ROC Curve Analysis for the Potential Use of Recombinant Antigens in the Diagnosis of Periodontitis
The ability of the recombinant antigens to distinguish periodontitis patients from healthy individuals was analyzed using ROC curves and the values for AUC. ROC curves for antigen numbers 20, 25A, and 27A were obtained by plotting the sensitivity and specificity values calculated using the spot intensities shown in Figure 4. The values for AUC with a 95% confidence interval and sensitivity/specificity with optimal cut-off have been presented in the lower panel of Figure 5. The values for the remaining recombinant antigens (1–4, 7–9, 11, 15, 17, 18, 20, 21, 23, 25A, and 27A) have been listed in Supplementary Figure 3. The values for AUC were categorized as: 0.5–0.7 that represents low to nil discrimination; 0.7–0.8 that represents moderate discrimination; 0.8–0.9 that represents excellent discrimination; and >0.9 that represents outstanding discrimination between periodontitis patients and healthy individuals. The values of AUC for antigens number 20 (outer membrane protein 28, Omp28: 0.75), 25A (Kgp: 0.78), and 27A (RgpA: 0.815) were higher than 0.7, suggesting a capacity to moderately differentiate periodontitis patients from healthy individuals. Although the AUC of Omp28 signified moderate discrimination of the samples (0.7–0.8), half of the patient sera (10 out of 20) did not completely recognize Omp28 (Figure 4D); thus, indicating a high false negative rate for this antigen. Therefore, we focused on Kgp and RgpA in our subsequent experiments.
Using Mutant Antigens to Increase the Potential for Discrimination by RgpA and Kgp
In order to provide recombinant proteins stably in high yield using wheat germ expression system, we synthesized the half size of Kgp (25N and 25C) and RgpA (27N and 27C). The N-terminal fragments of gingipains including the catalytic domains encompassed amino acid residues from 1 to 856 and 1 to 855 of the Kgp and RgpA nascent polypeptide chains, respectively. On the other hand, C-terminal fragments started from 862 to 1718 (Kgp) and from 862 to 1703 (RgpA) residues, respectively and contained hemagglutinin/adhesin region. Using the half size of recombinant Kgp (25N and 25C) and RgpA (27N and 27C), dot blot analysis and ROC/AUC analysis were performed the same way as with the full-length of Kgp and RgpA. As shown in Figure 6, the half size of recombinants, except for No. 25N, showed almost the same properties on immunogenicity and serum IgG antibody levels as the full length of No. 25A and 27A, respectively. Interestingly, ROC/AUC analysis of antigen No. 27N showed outstanding discriminatory power (AUC = 0.915) on diagnostic ability to separate periodontitis patients from the healthy control group (Figure 7), which was significantly increased compared to antigen No. 27A described in Figure 5.
Discussion
Multiple lines of evidence, including clinical studies, have shown that the progression of periodontal disease increases the risk of systemic diseases such as diabetes mellitus and Alzheimer's disease (2–7).
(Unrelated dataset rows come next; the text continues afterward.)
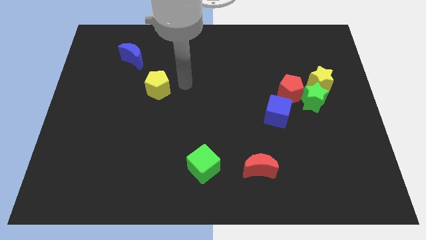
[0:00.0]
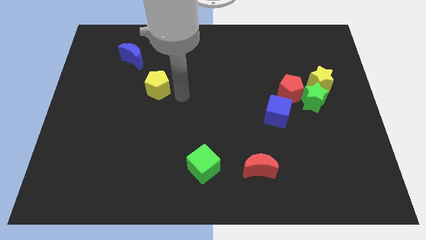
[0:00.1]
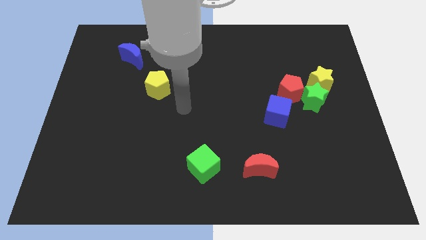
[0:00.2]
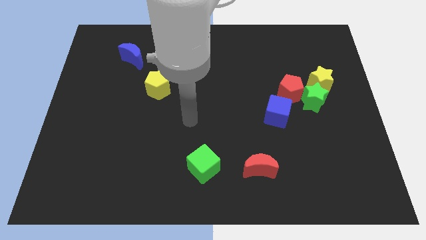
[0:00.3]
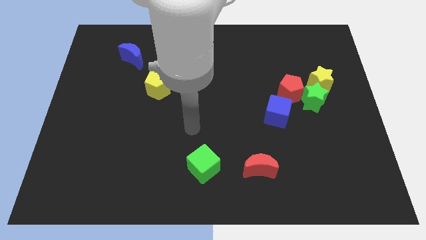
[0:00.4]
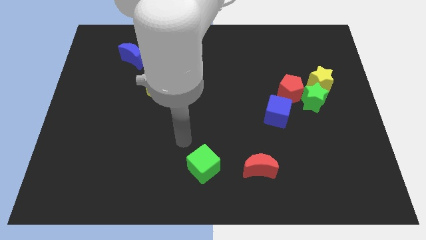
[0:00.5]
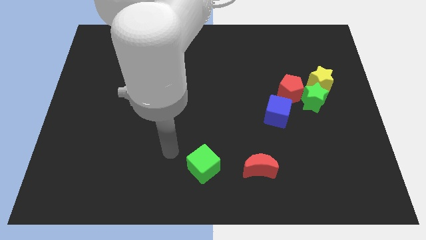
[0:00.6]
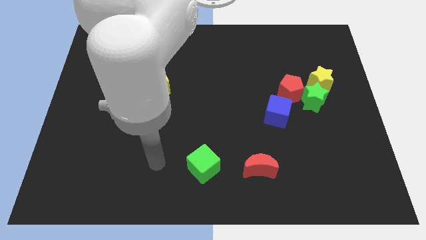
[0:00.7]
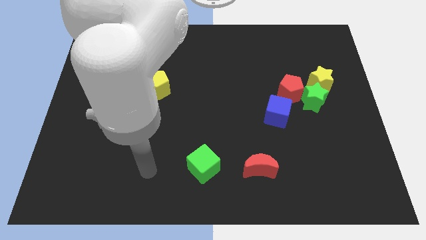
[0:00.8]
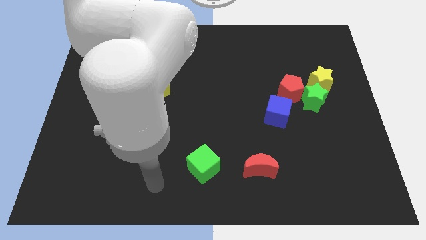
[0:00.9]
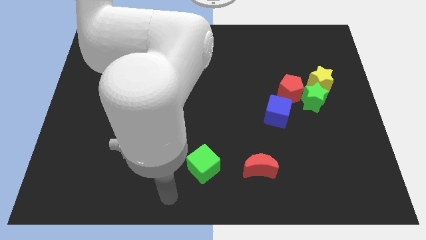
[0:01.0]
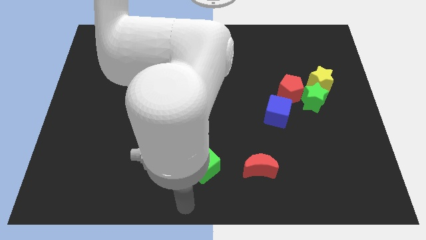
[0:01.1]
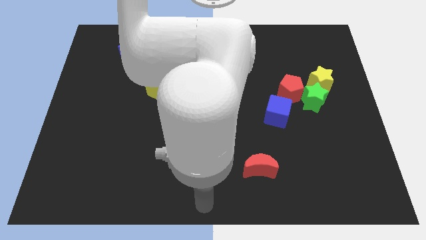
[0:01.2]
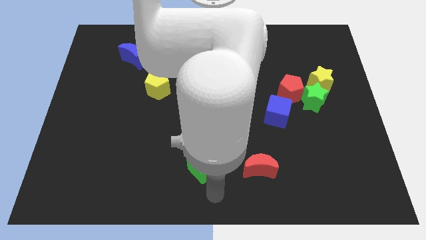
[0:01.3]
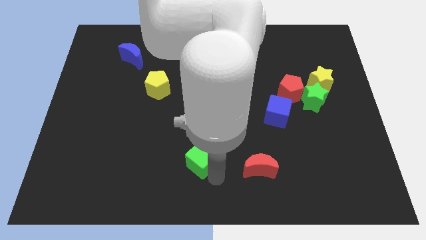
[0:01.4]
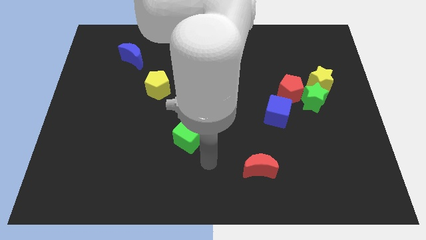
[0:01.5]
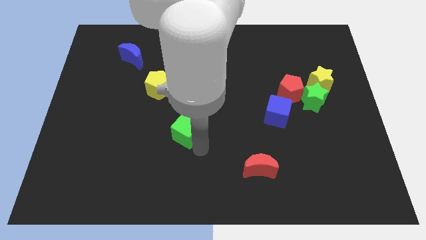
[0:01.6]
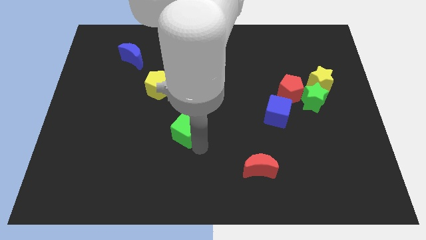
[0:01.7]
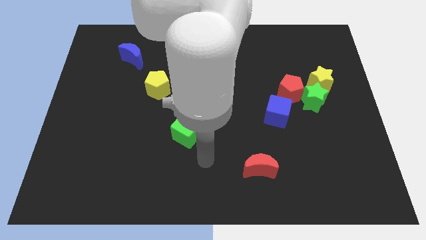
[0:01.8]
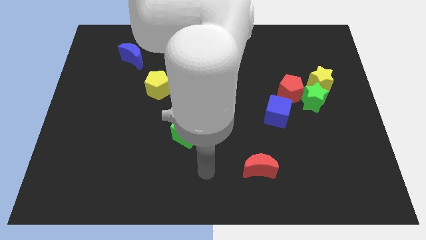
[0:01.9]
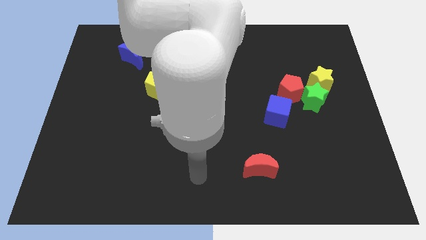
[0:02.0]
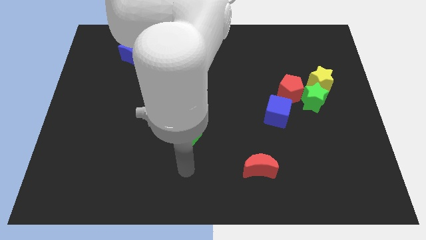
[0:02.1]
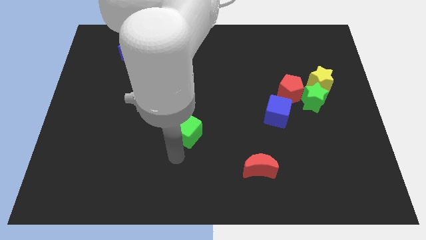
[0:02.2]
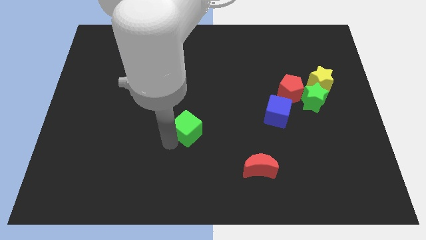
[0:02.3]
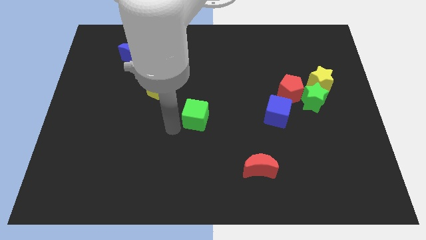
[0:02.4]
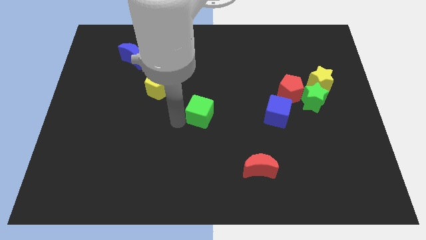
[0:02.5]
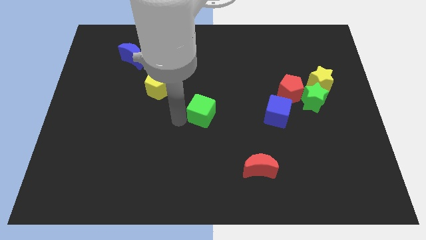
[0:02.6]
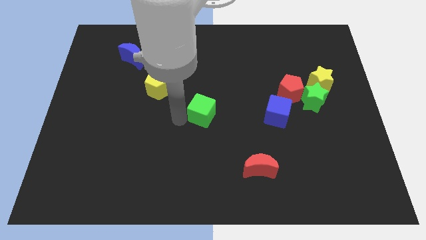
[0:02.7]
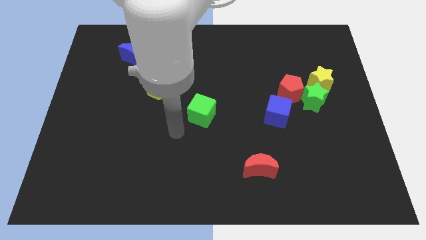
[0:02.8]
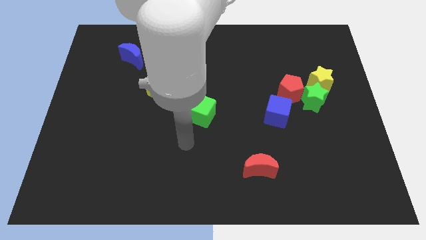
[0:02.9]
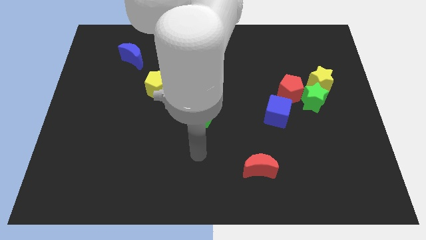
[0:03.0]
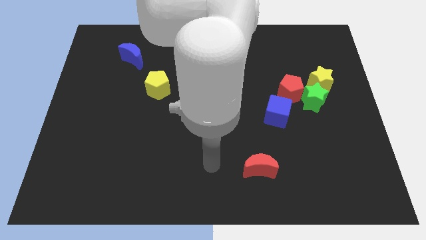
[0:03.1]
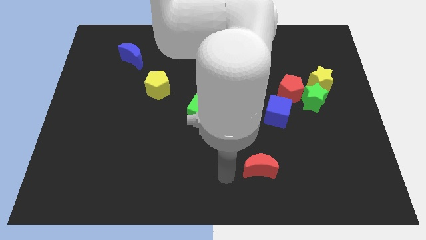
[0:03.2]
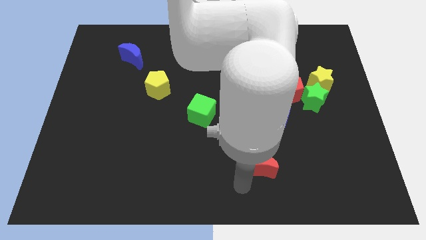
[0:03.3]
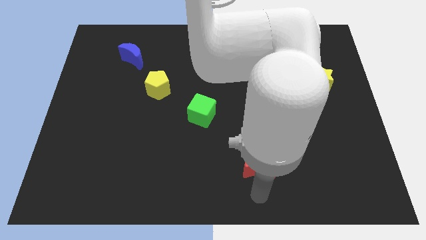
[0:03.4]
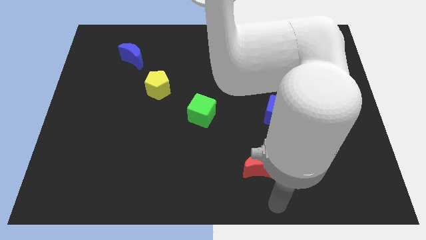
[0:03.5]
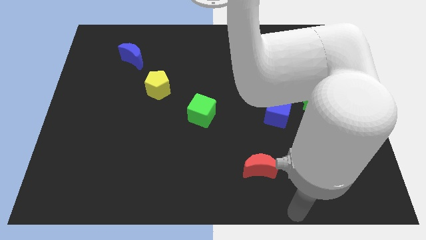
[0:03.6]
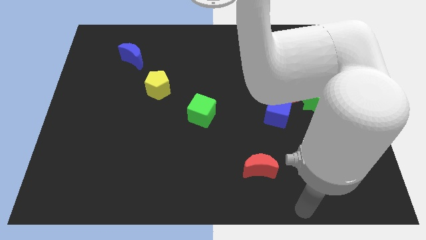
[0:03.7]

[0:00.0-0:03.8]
place the green cube diagonally towards yellow pentagon

Thus, there has been increasing amount of effort from medical specialists to control the occurrence of systemic diseases based on the periodontal status of individuals. However, an ideal biochemical marker for detecting the presence of periodontal disease has not yet been established. The components in gingival crevicular fluid (GCF) and saliva also have been investigated as potential biomarkers at predicting disease progression (33–36). GCF provides site specific information that represents disease related proteins (33–35). Saliva is considered as more of an overall assessment of the periodontal disease status (36). Many of the molecules reported as potential biomarkers in GCF or saliva were the products of host cells exuded by the destruction of periodontal tissue and the products derived from the subgingival microbial plaque (33, 36). Therefore, those molecules may reflect the disease pathophysiology. Meanwhile, periodontitis is an inflammatory response against periodontal pathogens, that causes alveolar bone loss. In this aspect, we have previously reported that serum IgG antibody level against P. gingivalis by ELISA showed the level of periodontal inflammation and is an appropriate marker for screening periodontitis patients (14). Although blood collection is invasive compared to taking a GCF or a saliva sample, it is minorly invasive and commonly performed in medical facilities. Furthermore, 50 μL of blood from fingertip is also good enough for this IgG test (14, 37). However, testing the serum IgG level for periodontal pathogens is not commonly performed during a clinical examination except for research purposes. This is one of the reasons behind the fact that crude whole protein extracts from P. gingivalis have been used as antigen sources for testing the IgG level by ELISA. This causes the test results to vary among institutes. In order to dissolve this problem, we considered the use of single or a combination of a small number of purified antigens. Although several antigens in P. gingivalis have been reported to have high immunogenicity, it is not clear which P. gingivalis antigens affect serum IgG levels in periodontitis patients.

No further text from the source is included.